An Account is an account on the Flow network.

type AccountCreatedEvent 

type AccountCreatedEvent Event

An AccountCreatedEvent is emitted when a transaction creates a new Flow account.

This event contains the following fields: - Address: Address

func (AccountCreatedEvent) Address 

func (evt AccountCreatedEvent) Address() Address

Address returns the address of the newly-created account.

type AccountKey 

type AccountKey struct {
	ID             int
	PublicKey      crypto.PublicKey
	SigAlgo        crypto.SignatureAlgorithm
	HashAlgo       crypto.HashAlgorithm
	Weight         int
	SequenceNumber uint64
}

An AccountKey is a public key associated with an account.

func DecodeAccountKey 

func DecodeAccountKey(b []byte) (*AccountKey, error)

DecodeAccountKey decodes the RLP byte representation of an account key.

func NewAccountKey 

func NewAccountKey() *AccountKey

NewAccountKey returns an empty account key.

func (AccountKey) Encode 

func (a AccountKey) Encode() []byte

Encode returns the canonical RLP byte representation of this account key.

func (*AccountKey) FromPrivateKey 

func (a *AccountKey) FromPrivateKey(privKey crypto.PrivateKey) *AccountKey

FromPrivateKey sets the public key and signature algorithm based on the provided private key.

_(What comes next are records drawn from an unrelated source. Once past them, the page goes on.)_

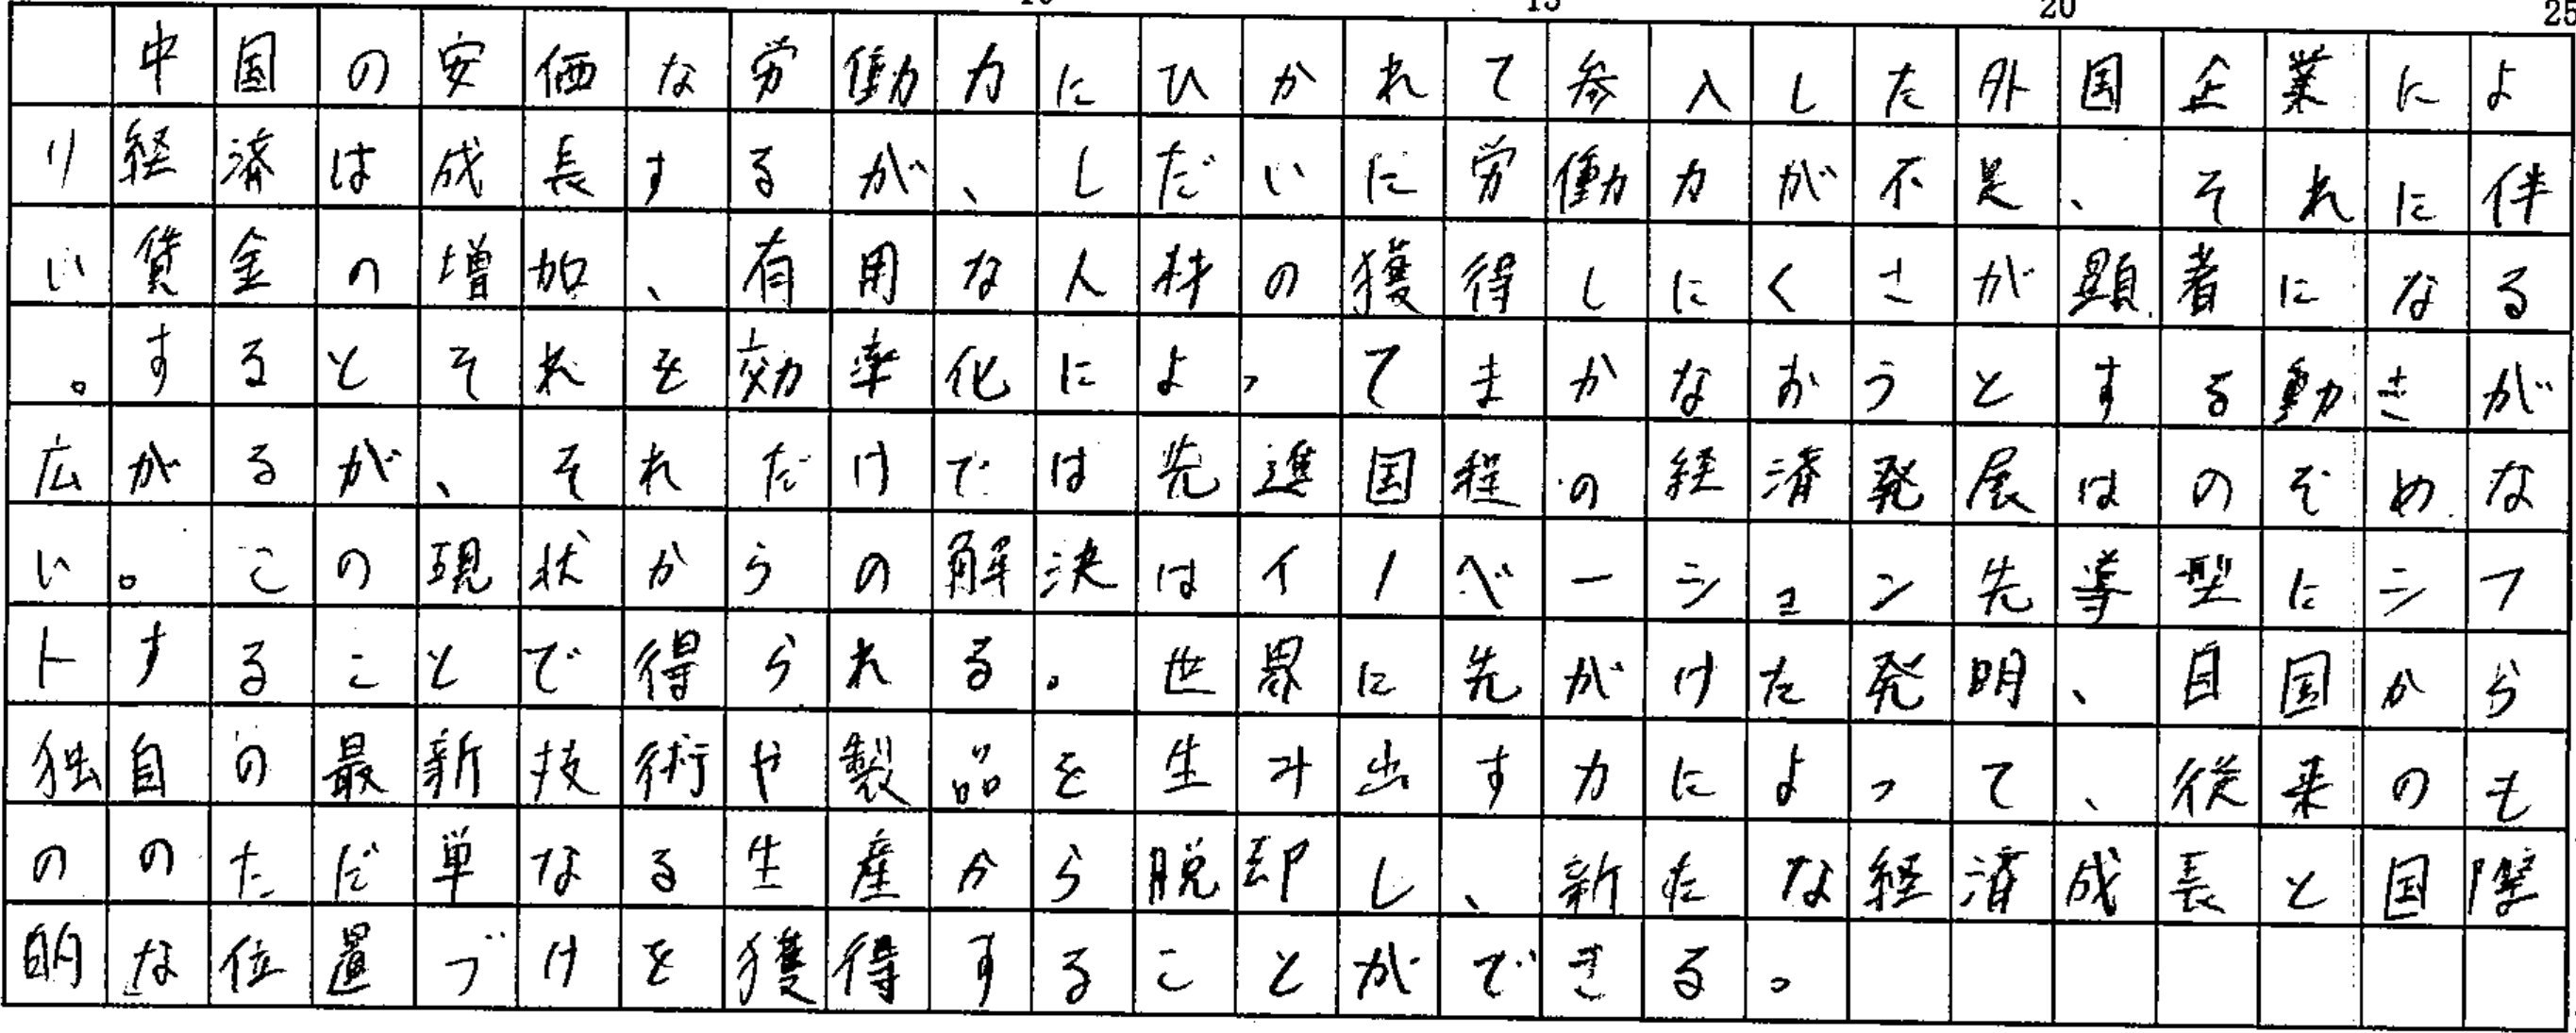　中国の安価な労働力にひかれて参入した外国企業により経済は成長するが、しだいに労働力が不足、それに伴い賃金の増加、有用な人材の獲得しにくさが顕著になる。するとそれを効率化によってまかなおうとする動きが広がるが、それだけでは先進国程の経済発展はのぞめない。この現状からの解決はイノベーション先導型にシフトすることで得られる。世界に先がけた発明、自国から独自の最新技術や製品を生み出す力によって、従来のもののただ単なる生産から脱却し、新たな経済成長と国際的な位置づけを獲得することができる。
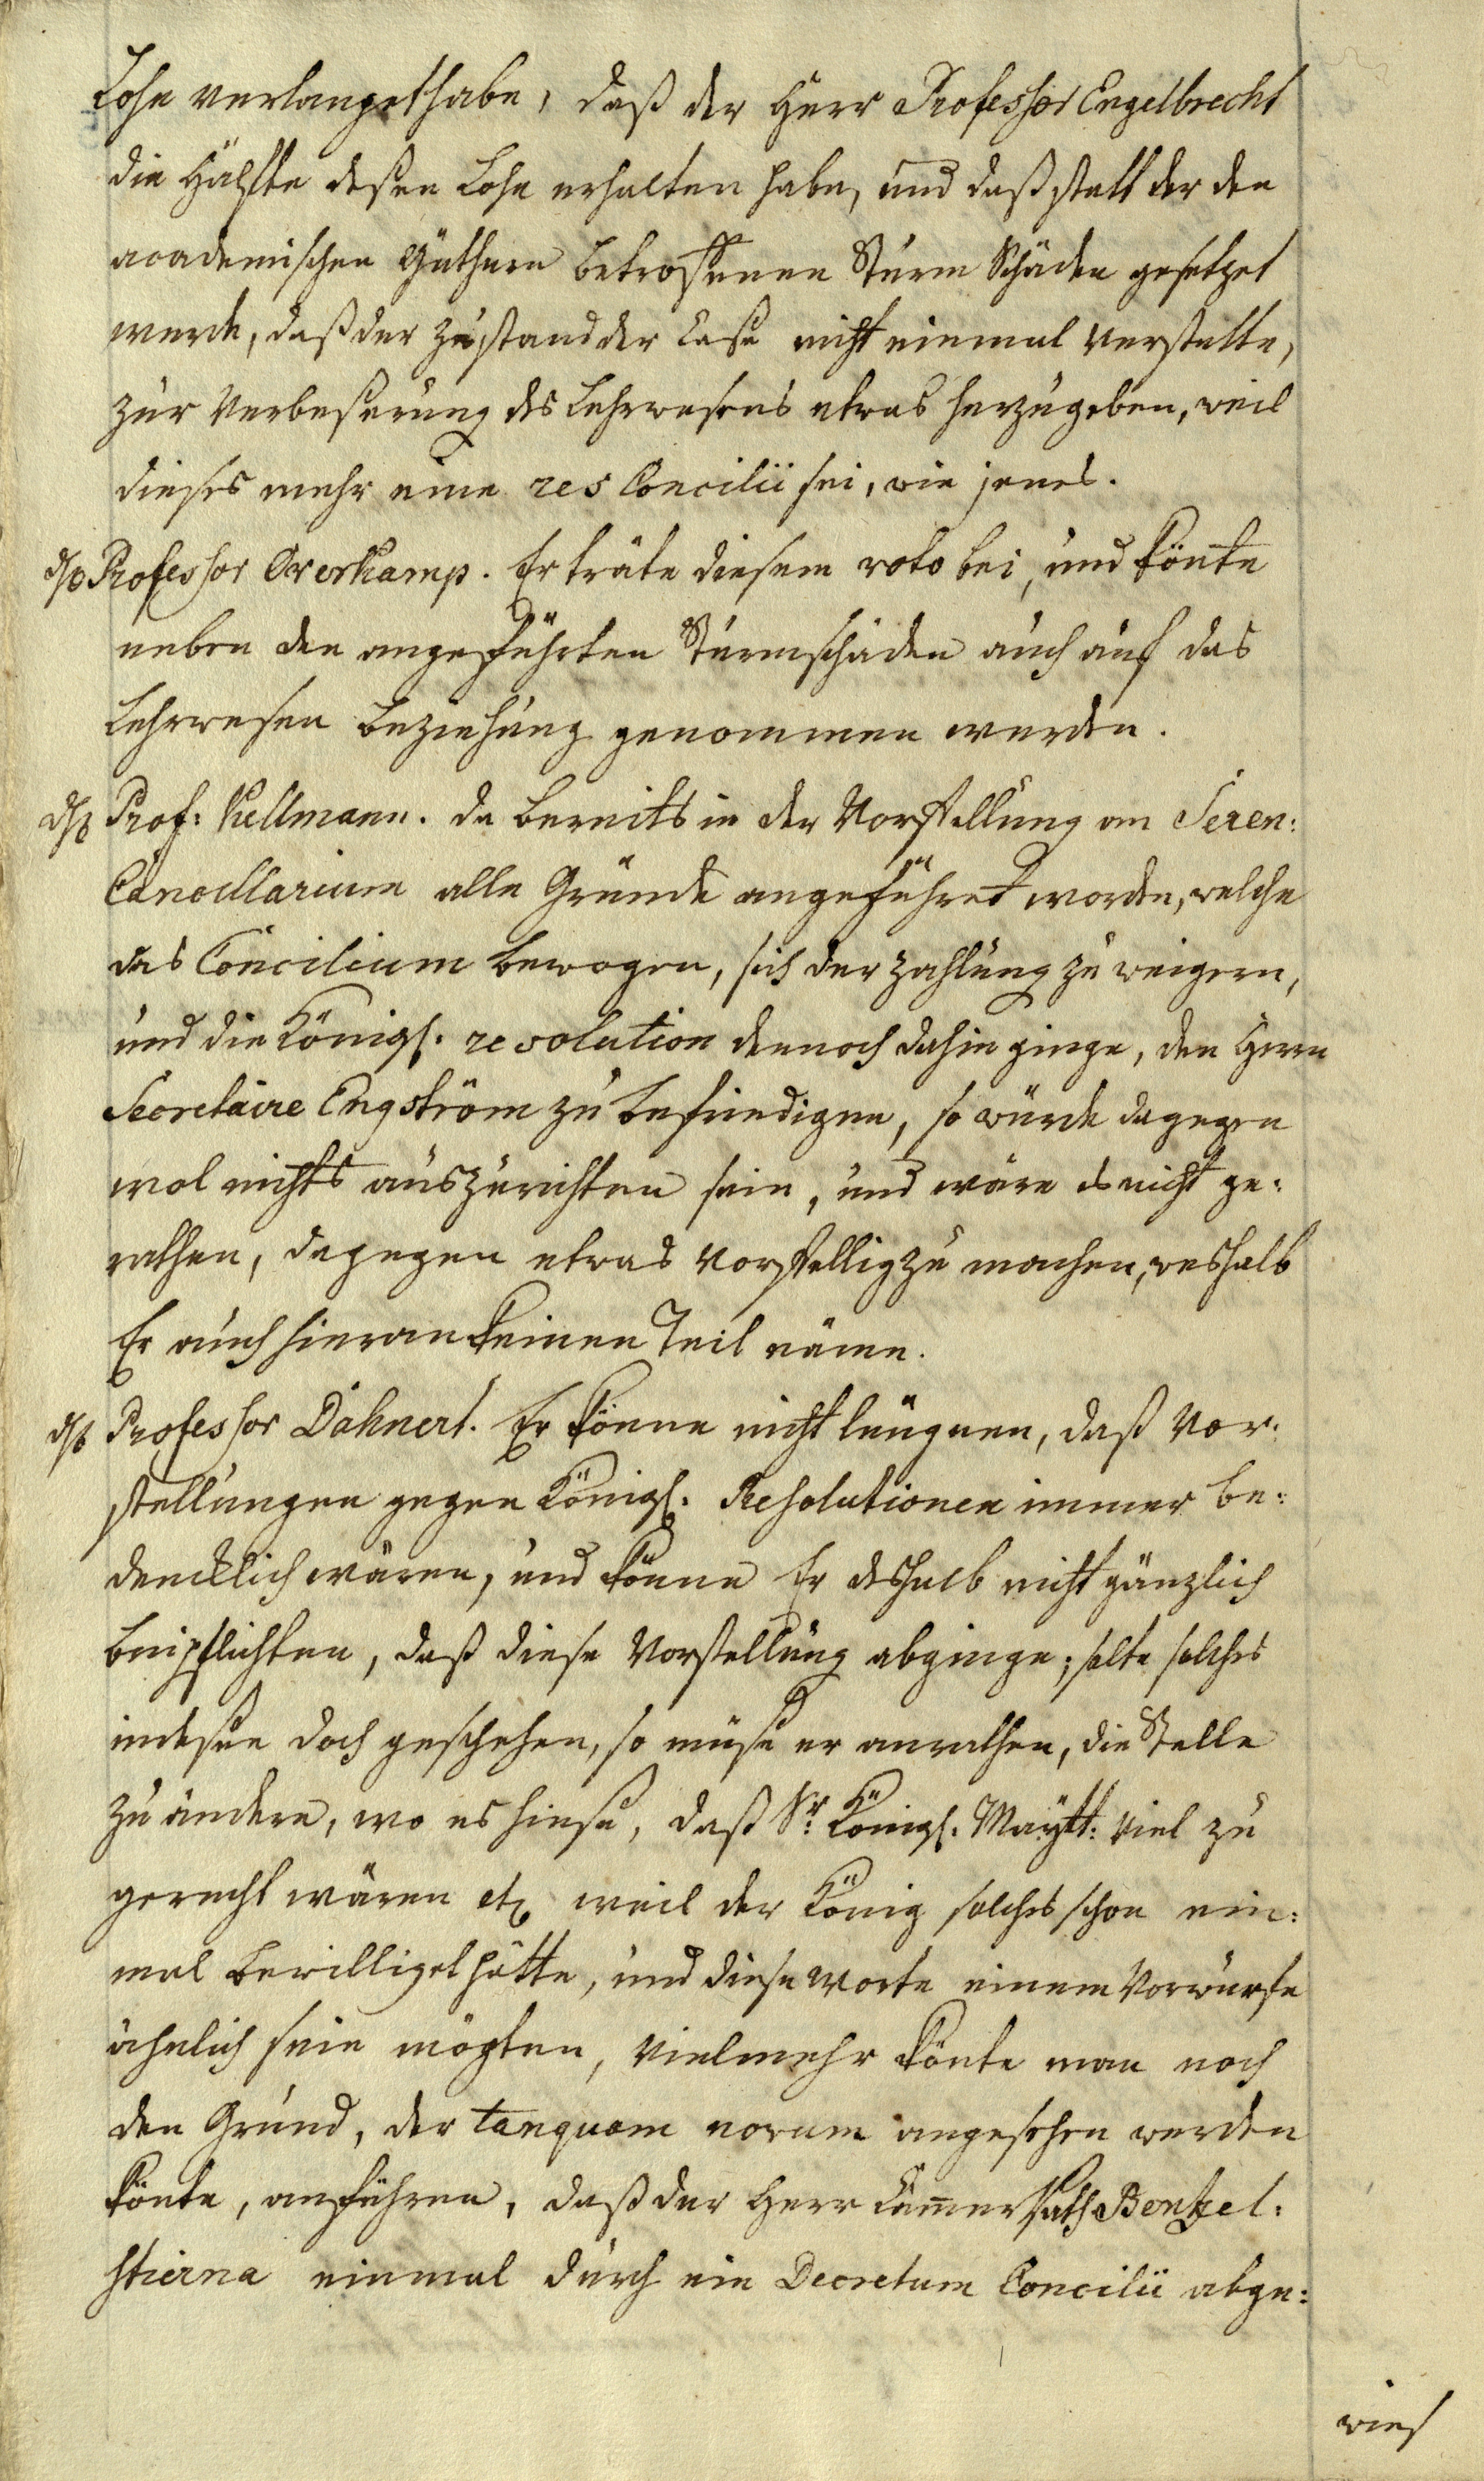Lohn verlanget habe, daß der Herr Professor Engelbrecht
die Hälfte deßen Lohn erhalten habe, und daß statt der den
academischen Güthern betroffenen Sturm Schäden gesetzet
werde, daß der Zustand der Caße nicht einmal verstatte,
zur Verbeßerung des Lehrwesens etwas herzugeben, weil
dieses mehr eine res Concilii sei, wie jenes.
dh Professor Overkamp. Er träte diesem voto bei, und könte
neben den angeführten Sturmschäden auch auf das
Lehrwesen Beziehung genommen werden.
dh Prof: Kellmann. da bereits in der Vorstellung an Seren:
Cancellarium alle Gründe angeführet worden, welche
das Concilium bewogen, sich der Zahlung zu weigern,
und die Königl: resolution dennoch dahin ginge, den Herrn
Secretaire Engström zu befriedigen, so würde dagegen
wol nichts auszurichten sein, und wäre es nicht ge¬
rathen, dagegen etwas vorstellig zu machen, weshalb
Er auch hieran keinen Teil näme.
dh Professor Dähnert. Er könne nicht leugnen, daß Vor¬
stellungen gegen Königl: Resolutionen immer be¬
dencklich wären, und könne Er deshalb nicht gänzlich
beipflichten, daß diese Vorstellung abginge, solte solches
indeßen doch geschehen, so müße er anrathen, die Stelle
zu ändern, wo es hieße, daß Sr: Königl: Maÿst: viel zu
gerecht wären et. weil der König solches schon ein¬
mal bewilliget hätte, und diese Worte einem Vorwurfe
ähnlich sein mögten, vielmehr könte man noch
den Grund, der tanquam novum angesehen werden
könte, anführen, daß der Herr CamerRath Bentzel¬
stierna einmal durch ein Decretum Concilii abge¬
wies

func (*AccountKey) SetHashAlgo 

func (a *AccountKey) SetHashAlgo(hashAlgo crypto.HashAlgorithm) *AccountKey

SetHashAlgo sets the hash algorithm for this account key.

func (*AccountKey) SetPublicKey 

func (a *AccountKey) SetPublicKey(pubKey crypto.PublicKey) *AccountKey

SetPublicKey sets the public key for this account key.

func (*AccountKey) SetSigAlgo 

func (a *AccountKey) SetSigAlgo(sigAlgo crypto.SignatureAlgorithm) *AccountKey

SetSigAlgo sets the signature algorithm for this account key.

func (*AccountKey) SetWeight 

func (a *AccountKey) SetWeight(weight int) *AccountKey

SetWeight sets the weight for this account key.

func (AccountKey) Validate 

func (a AccountKey) Validate() error

Validate returns an error if this account key is invalid.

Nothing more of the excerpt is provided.